■ **WORK REQUEST**
Write out the data exactly from its first line onward, ending with the line in which "256C157.956 256 157.978" appears.

(Beginning of PROVIDED MATERIAL)

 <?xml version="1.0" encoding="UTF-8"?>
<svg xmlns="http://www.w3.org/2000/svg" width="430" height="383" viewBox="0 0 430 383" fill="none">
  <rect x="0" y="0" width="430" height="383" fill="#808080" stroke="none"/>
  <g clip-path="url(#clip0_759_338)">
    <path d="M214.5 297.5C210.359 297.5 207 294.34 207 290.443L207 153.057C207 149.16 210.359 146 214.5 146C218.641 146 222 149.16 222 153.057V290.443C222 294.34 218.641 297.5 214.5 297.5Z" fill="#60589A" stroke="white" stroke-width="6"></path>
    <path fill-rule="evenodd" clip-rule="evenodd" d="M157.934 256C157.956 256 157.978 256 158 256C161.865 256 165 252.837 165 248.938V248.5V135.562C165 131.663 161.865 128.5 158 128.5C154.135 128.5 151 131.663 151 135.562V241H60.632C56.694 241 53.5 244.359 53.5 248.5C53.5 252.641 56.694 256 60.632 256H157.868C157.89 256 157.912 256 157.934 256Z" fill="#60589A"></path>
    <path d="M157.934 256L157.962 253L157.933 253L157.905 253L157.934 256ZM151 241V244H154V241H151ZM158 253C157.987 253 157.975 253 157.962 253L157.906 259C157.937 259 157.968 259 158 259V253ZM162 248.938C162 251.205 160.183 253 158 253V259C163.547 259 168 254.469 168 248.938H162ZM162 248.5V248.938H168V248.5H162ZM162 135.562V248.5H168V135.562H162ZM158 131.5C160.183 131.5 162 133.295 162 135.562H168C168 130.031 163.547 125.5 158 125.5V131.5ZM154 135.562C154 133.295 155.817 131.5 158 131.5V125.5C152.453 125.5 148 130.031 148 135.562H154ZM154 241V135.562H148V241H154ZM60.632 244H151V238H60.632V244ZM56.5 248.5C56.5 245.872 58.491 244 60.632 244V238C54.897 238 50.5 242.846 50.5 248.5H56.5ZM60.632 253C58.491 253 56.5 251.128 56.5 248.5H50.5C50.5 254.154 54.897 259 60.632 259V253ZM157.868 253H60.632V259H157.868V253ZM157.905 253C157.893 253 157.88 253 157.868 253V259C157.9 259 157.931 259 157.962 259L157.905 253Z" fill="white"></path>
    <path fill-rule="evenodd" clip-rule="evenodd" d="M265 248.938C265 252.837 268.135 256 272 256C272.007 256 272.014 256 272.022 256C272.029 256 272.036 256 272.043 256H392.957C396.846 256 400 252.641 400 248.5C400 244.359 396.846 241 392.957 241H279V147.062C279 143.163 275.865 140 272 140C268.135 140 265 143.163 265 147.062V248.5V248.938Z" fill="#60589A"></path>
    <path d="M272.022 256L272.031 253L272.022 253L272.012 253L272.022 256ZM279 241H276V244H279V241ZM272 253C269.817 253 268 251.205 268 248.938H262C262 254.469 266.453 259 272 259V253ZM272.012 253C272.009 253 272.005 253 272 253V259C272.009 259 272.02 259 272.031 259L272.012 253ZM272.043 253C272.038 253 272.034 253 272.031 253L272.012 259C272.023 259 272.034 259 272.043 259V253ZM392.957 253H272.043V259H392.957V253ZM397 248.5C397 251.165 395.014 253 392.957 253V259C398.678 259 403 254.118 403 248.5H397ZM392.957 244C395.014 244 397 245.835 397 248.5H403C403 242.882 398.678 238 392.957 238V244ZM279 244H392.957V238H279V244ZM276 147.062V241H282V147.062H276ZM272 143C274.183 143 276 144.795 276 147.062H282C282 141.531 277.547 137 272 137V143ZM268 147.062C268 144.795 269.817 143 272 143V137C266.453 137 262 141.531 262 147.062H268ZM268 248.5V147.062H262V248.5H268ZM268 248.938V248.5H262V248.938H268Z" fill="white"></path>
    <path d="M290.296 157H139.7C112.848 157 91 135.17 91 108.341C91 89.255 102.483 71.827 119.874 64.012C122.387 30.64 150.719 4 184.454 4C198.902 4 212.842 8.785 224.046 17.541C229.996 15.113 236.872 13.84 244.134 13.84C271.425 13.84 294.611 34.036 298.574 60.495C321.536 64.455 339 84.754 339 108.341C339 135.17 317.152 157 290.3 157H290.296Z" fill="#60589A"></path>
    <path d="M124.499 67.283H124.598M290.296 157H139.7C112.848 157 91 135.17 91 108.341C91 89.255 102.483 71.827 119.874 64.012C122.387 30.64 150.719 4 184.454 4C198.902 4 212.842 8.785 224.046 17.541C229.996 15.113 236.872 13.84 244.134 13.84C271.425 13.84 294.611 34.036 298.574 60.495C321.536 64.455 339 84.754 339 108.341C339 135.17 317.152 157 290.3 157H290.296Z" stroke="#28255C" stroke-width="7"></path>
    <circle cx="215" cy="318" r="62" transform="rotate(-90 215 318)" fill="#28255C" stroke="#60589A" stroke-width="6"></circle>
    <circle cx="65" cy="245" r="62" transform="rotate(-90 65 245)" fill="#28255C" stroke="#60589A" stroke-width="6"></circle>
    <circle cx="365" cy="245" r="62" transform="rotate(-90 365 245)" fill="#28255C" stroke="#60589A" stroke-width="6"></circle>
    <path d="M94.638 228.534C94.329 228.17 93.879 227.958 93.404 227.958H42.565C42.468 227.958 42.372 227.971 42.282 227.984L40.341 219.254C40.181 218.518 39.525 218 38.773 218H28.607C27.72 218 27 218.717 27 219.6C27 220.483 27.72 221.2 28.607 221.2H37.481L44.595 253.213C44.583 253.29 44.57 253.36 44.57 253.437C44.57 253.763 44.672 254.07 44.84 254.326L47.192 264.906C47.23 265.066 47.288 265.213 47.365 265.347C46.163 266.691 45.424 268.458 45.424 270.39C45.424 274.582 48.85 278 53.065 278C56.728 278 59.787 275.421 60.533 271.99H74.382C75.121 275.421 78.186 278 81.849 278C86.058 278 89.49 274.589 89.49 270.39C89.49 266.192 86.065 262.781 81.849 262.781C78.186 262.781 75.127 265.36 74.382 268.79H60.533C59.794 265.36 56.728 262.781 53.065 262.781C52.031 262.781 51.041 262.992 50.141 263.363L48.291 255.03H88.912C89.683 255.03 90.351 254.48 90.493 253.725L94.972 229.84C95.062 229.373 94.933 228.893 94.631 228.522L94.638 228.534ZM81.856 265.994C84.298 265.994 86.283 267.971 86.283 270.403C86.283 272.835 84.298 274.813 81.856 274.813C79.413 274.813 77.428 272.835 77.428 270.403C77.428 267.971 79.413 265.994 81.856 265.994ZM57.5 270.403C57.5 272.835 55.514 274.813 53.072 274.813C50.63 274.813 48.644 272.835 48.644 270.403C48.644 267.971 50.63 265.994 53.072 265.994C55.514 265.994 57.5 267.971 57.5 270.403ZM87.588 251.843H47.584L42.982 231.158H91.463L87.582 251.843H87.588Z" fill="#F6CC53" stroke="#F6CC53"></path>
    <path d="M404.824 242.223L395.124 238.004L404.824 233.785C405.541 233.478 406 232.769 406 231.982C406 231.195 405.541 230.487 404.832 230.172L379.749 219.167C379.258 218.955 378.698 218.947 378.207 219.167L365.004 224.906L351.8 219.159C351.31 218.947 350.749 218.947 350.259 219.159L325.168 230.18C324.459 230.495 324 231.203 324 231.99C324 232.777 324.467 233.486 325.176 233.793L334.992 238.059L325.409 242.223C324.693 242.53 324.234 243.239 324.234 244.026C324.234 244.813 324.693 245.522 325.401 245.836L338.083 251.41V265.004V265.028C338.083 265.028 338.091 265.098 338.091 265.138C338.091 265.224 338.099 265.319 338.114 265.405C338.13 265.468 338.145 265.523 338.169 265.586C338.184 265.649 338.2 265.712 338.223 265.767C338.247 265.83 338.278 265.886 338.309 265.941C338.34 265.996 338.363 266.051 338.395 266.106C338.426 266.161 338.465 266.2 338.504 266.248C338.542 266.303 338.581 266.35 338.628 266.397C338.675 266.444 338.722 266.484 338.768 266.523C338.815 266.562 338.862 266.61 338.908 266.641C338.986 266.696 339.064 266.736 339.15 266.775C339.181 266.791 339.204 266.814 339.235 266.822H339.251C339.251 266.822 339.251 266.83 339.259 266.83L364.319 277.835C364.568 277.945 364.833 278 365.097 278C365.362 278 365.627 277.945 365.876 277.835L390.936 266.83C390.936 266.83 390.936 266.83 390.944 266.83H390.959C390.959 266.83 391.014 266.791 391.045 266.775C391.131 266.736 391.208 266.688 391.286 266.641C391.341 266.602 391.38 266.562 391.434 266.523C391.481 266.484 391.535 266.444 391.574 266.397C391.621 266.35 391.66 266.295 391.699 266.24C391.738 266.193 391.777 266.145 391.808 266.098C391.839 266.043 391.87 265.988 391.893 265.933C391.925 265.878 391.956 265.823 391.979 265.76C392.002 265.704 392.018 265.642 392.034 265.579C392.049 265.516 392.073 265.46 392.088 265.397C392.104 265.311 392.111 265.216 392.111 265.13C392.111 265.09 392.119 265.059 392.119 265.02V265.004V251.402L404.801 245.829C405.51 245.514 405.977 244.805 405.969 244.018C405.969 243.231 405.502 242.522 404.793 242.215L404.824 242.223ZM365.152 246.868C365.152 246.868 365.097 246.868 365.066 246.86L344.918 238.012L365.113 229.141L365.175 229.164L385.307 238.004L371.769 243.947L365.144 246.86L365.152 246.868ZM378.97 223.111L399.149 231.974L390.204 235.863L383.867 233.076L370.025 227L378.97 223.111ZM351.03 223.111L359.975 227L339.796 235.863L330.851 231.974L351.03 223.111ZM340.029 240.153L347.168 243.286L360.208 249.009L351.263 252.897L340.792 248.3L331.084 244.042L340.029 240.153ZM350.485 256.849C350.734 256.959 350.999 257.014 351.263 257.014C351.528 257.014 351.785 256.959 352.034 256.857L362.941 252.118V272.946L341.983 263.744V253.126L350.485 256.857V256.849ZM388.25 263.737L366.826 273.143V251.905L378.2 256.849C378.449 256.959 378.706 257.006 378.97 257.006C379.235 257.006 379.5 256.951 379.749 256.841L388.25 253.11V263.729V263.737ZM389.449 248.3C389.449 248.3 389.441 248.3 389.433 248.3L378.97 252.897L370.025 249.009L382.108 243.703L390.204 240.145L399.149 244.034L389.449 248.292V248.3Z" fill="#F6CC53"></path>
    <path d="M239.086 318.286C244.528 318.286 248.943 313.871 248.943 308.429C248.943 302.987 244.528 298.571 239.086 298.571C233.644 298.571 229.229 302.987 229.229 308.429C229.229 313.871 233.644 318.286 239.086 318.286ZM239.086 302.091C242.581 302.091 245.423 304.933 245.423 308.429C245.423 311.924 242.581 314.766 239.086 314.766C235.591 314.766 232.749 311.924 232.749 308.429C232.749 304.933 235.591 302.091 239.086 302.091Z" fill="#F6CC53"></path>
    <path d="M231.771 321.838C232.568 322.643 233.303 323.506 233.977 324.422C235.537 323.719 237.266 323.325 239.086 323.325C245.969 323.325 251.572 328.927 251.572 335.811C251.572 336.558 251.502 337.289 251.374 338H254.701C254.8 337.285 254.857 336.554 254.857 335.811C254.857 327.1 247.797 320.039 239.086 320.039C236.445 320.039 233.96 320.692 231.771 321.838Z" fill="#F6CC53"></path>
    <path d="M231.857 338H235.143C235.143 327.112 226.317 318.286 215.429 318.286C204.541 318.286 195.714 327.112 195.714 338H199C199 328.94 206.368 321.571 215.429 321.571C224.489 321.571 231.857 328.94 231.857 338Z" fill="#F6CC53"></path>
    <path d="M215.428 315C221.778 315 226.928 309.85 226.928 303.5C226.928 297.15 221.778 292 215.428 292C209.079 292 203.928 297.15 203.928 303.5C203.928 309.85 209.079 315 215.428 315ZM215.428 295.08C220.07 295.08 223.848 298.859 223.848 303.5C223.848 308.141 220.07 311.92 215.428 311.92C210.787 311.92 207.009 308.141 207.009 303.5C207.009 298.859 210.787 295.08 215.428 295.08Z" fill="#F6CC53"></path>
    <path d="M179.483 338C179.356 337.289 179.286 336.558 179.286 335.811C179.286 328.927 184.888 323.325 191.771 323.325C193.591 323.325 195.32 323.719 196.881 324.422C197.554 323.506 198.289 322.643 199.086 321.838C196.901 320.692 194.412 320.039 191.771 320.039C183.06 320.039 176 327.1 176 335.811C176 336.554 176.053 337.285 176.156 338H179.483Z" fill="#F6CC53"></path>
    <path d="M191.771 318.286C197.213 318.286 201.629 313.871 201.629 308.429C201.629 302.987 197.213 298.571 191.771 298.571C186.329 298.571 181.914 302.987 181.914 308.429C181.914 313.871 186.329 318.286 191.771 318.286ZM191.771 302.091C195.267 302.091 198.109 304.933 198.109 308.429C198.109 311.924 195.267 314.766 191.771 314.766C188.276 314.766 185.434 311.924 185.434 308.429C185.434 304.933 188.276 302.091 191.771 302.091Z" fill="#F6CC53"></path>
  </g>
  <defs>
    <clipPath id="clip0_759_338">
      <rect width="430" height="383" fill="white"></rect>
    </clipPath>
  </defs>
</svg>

(End of PROVIDED MATERIAL)

■ **TASK RESULT**
 <?xml version="1.0" encoding="UTF-8"?>
<svg xmlns="http://www.w3.org/2000/svg" width="430" height="383" viewBox="0 0 430 383" fill="none">
  <rect x="0" y="0" width="430" height="383" fill="#808080" stroke="none"/>
  <g clip-path="url(#clip0_759_338)">
    <path d="M214.5 297.5C210.359 297.5 207 294.34 207 290.443L207 153.057C207 149.16 210.359 146 214.5 146C218.641 146 222 149.16 222 153.057V290.443C222 294.34 218.641 297.5 214.5 297.5Z" fill="#60589A" stroke="white" stroke-width="6"></path>
    <path fill-rule="evenodd" clip-rule="evenodd" d="M157.934 256C157.956 256 157.978 256 158 256C161.865 256 165 252.837 165 248.938V248.5V135.562C165 131.663 161.865 128.5 158 128.5C154.135 128.5 151 131.663 151 135.562V241H60.632C56.694 241 53.5 244.359 53.5 248.5C53.5 252.641 56.694 256 60.632 256H157.868C157.89 256 157.912 256 157.934 256Z" fill="#60589A"></path>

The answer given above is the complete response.